Work instructions: Please, without the pictures, restate every entry exactly.

Task inputs:
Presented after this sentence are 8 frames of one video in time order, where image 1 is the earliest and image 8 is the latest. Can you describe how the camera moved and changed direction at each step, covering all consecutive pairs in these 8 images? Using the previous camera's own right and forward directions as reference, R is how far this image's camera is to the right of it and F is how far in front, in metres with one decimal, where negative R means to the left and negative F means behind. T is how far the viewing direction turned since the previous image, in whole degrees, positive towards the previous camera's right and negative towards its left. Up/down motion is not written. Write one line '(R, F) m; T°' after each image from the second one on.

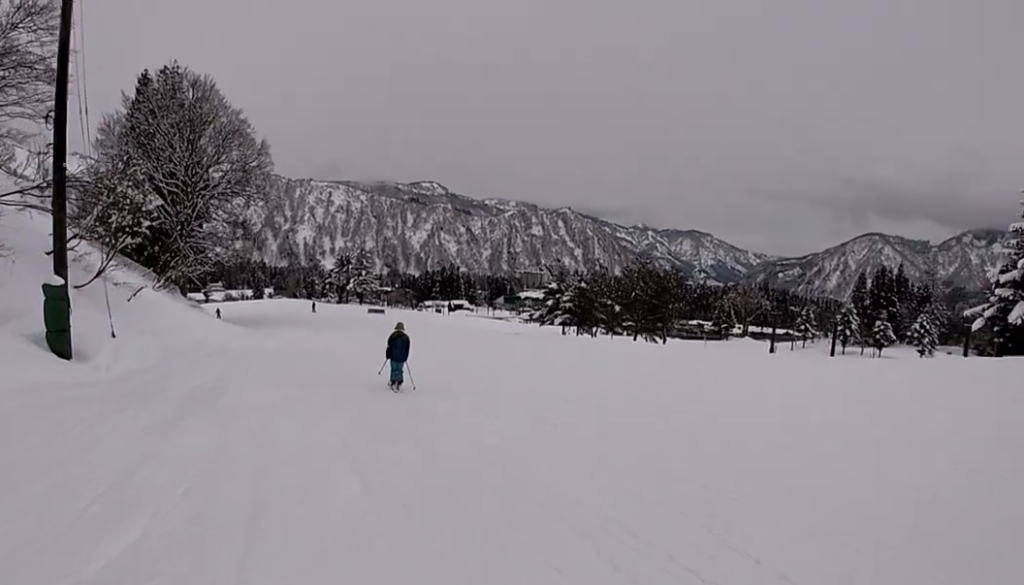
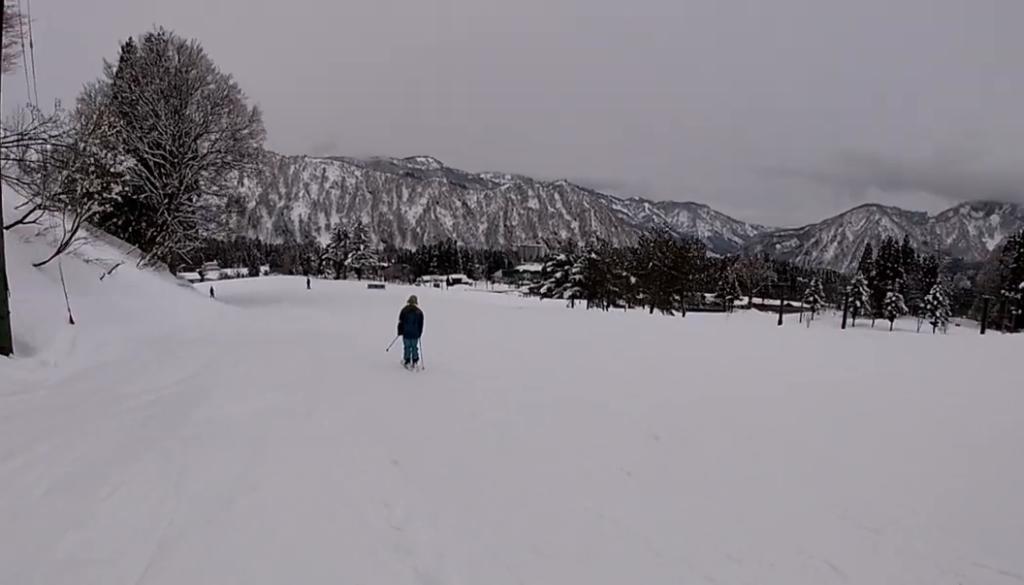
(+0.6, +3.3) m; +1°
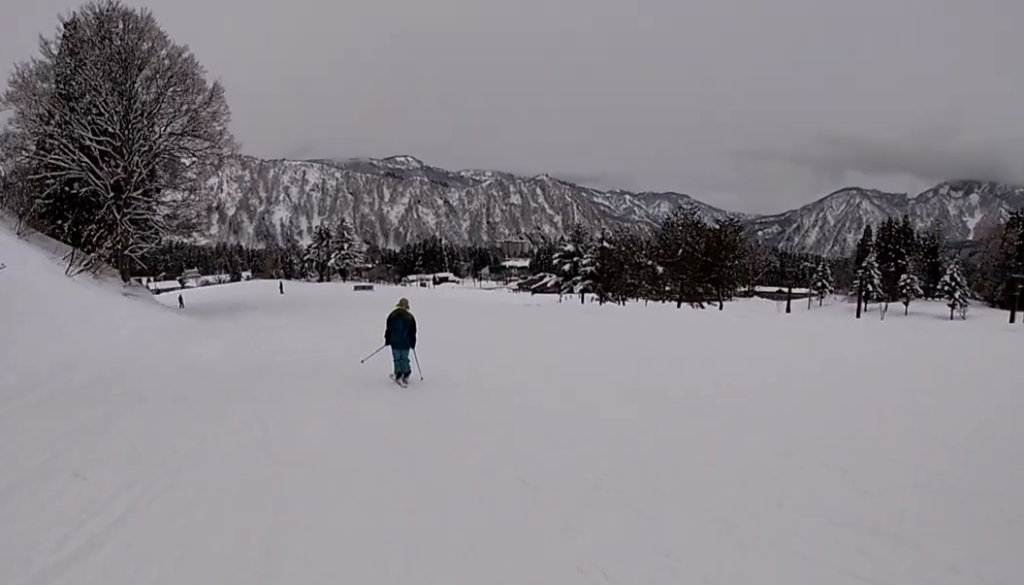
(-1.2, +8.0) m; -2°
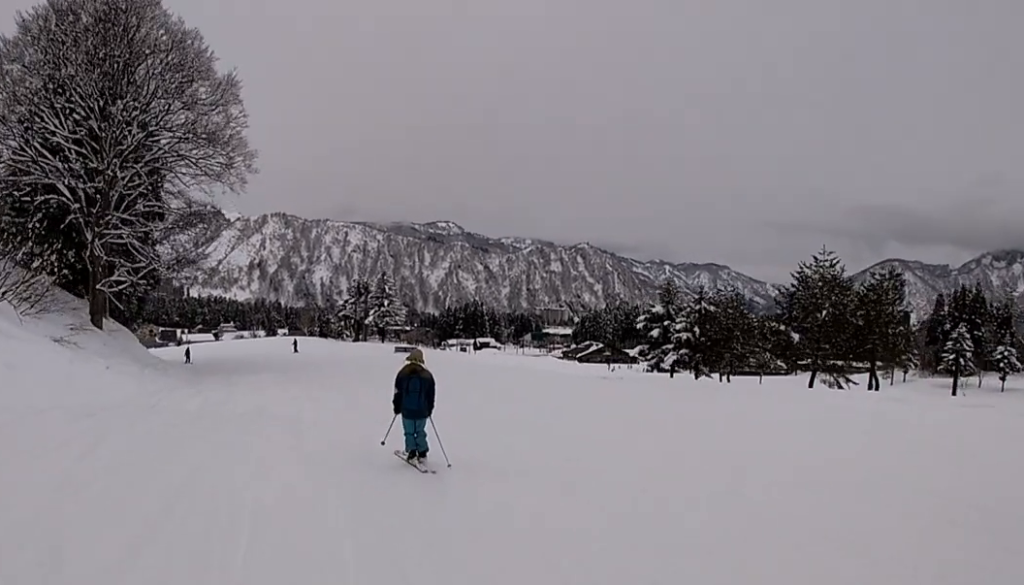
(+0.6, +12.4) m; +1°
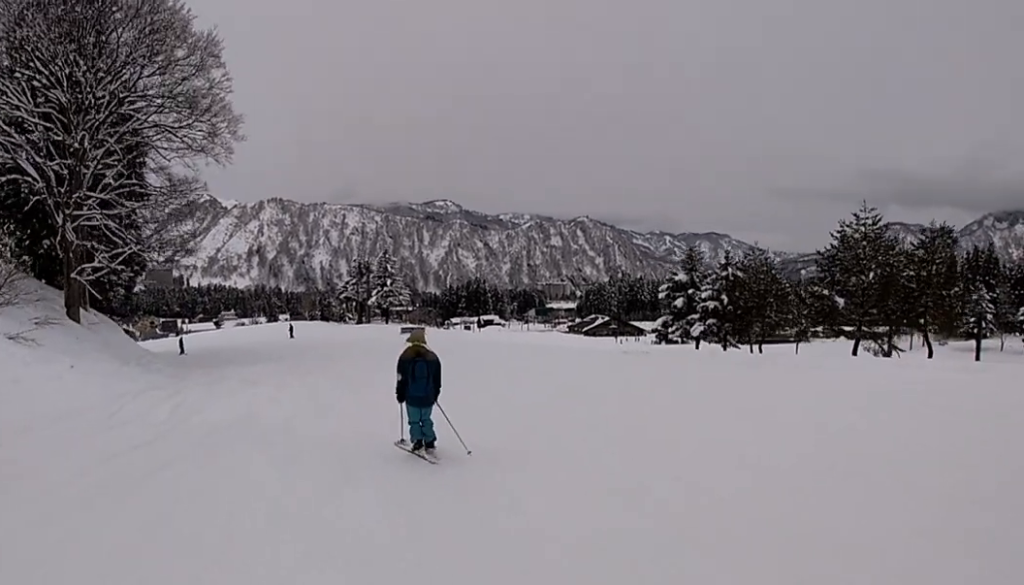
(-0.5, +3.6) m; +1°
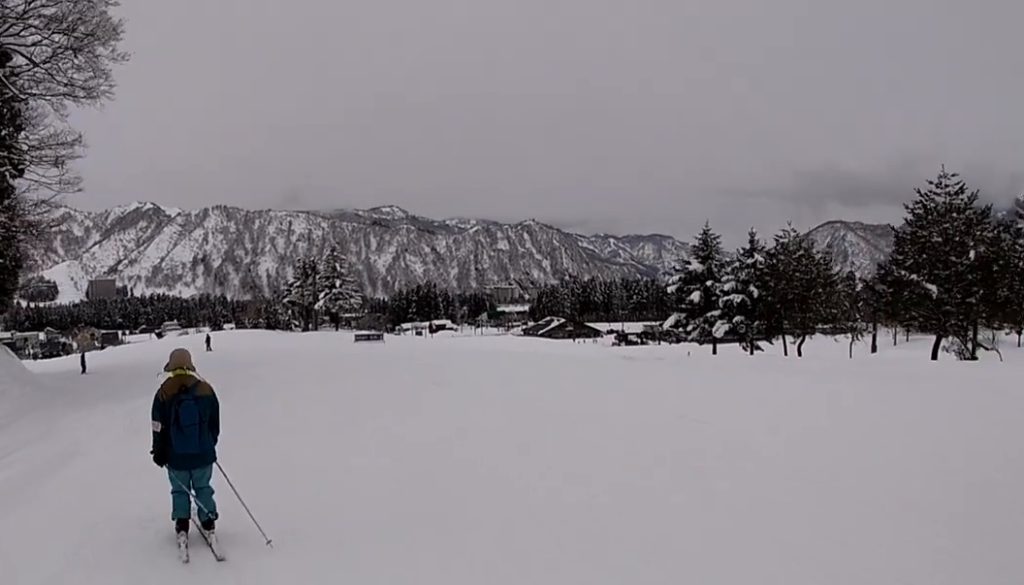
(+1.0, +10.7) m; -1°
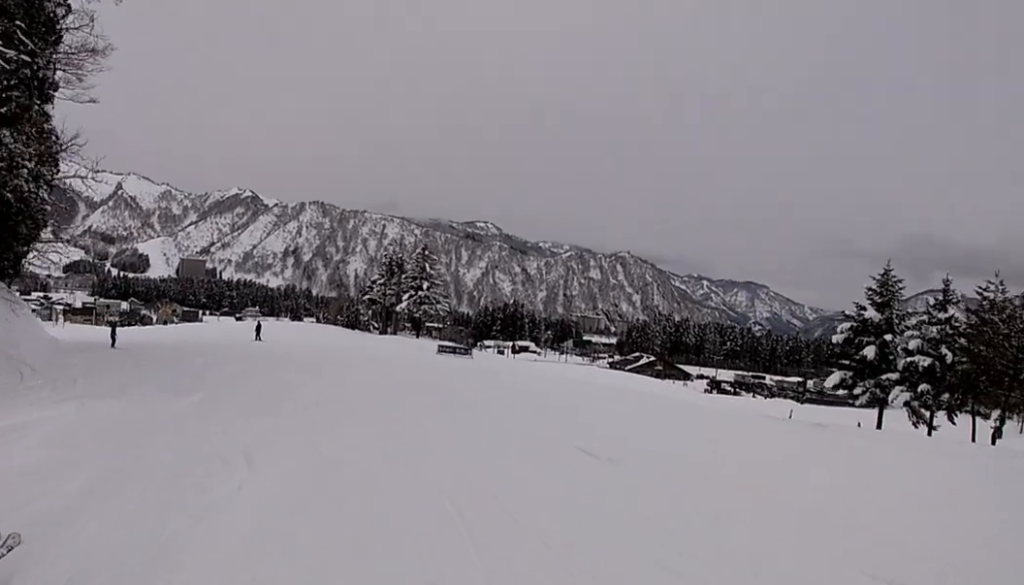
(-1.1, +8.7) m; 0°
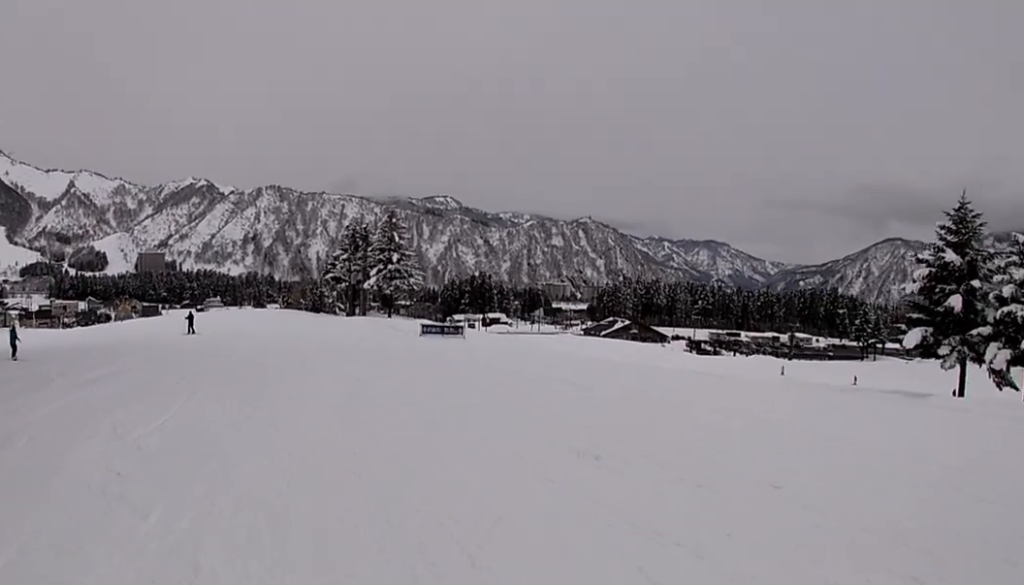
(+1.1, +8.1) m; -1°
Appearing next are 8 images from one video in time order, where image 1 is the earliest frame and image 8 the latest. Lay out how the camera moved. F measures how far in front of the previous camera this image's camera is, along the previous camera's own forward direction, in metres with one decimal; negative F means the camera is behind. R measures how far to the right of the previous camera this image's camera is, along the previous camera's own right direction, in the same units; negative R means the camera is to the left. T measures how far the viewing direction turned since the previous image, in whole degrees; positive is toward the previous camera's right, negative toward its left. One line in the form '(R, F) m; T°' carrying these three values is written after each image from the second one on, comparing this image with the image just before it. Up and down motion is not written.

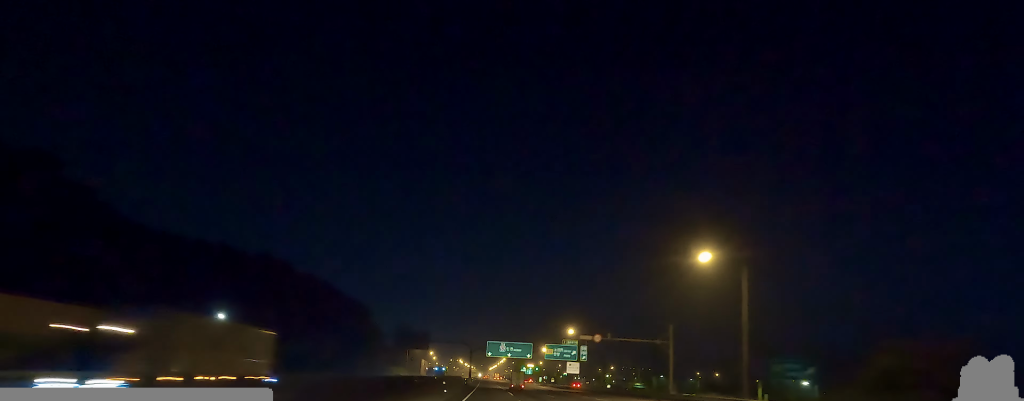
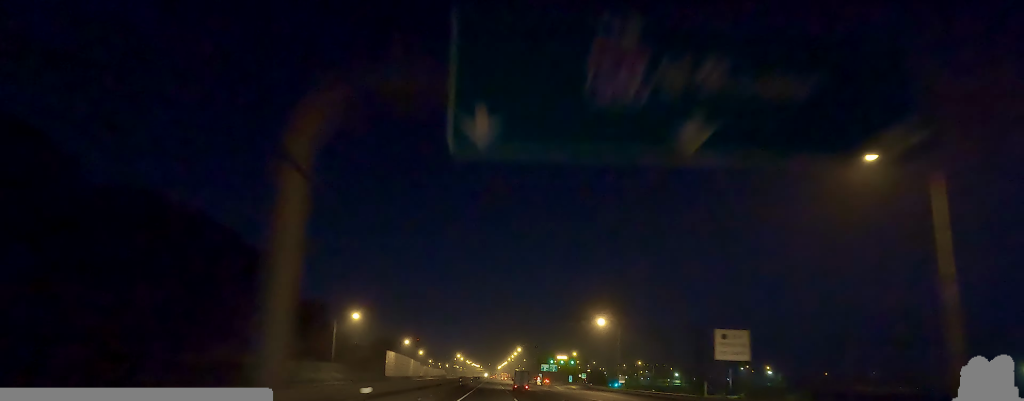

Answer box:
Presented after this sentence are 8 frames of one video in time order, where image 1 is the earliest and image 8 is the latest. Can you describe how the camera moved and changed direction at each step, covering all consecutive pairs in these 8 images? Using the previous camera's own right and forward directions as reference, R is how far this image's camera is to the right of it and F is how far in front, in metres with one decimal, where negative R means to the left and negative F means behind. T is how far the viewing direction turned since the previous image, in whole degrees, positive towards the previous camera's right and negative towards its left. Up/down motion is not written. Write one line '(R, F) m; T°' after each image from the second one on.

(+0.6, +3.3) m; +1°
(-1.2, +8.0) m; -2°
(+0.6, +12.4) m; +1°
(-0.5, +3.6) m; +1°
(+1.0, +10.7) m; -1°
(-1.1, +8.7) m; 0°
(+1.1, +8.1) m; -1°
Appearing next are 8 images from one video in time order, where image 1 is the earliest frame and image 8 the latest. Lay out how the camera moved. F measures how far in front of the previous camera this image's camera is, along the previous camera's own forward direction, in metres with one decimal; negative F means the camera is behind. R measures how far to the right of the previous camera this image's camera is, along the previous camera's own right direction, in the same units; negative R means the camera is to the left. T measures how far the viewing direction turned since the previous image, in whole degrees; positive is toward the previous camera's right, negative toward its left. One line in the form '(R, F) m; T°' carrying these three values is written after each image from the second one on, comparing this image with the image just before it. Up and down motion is not written.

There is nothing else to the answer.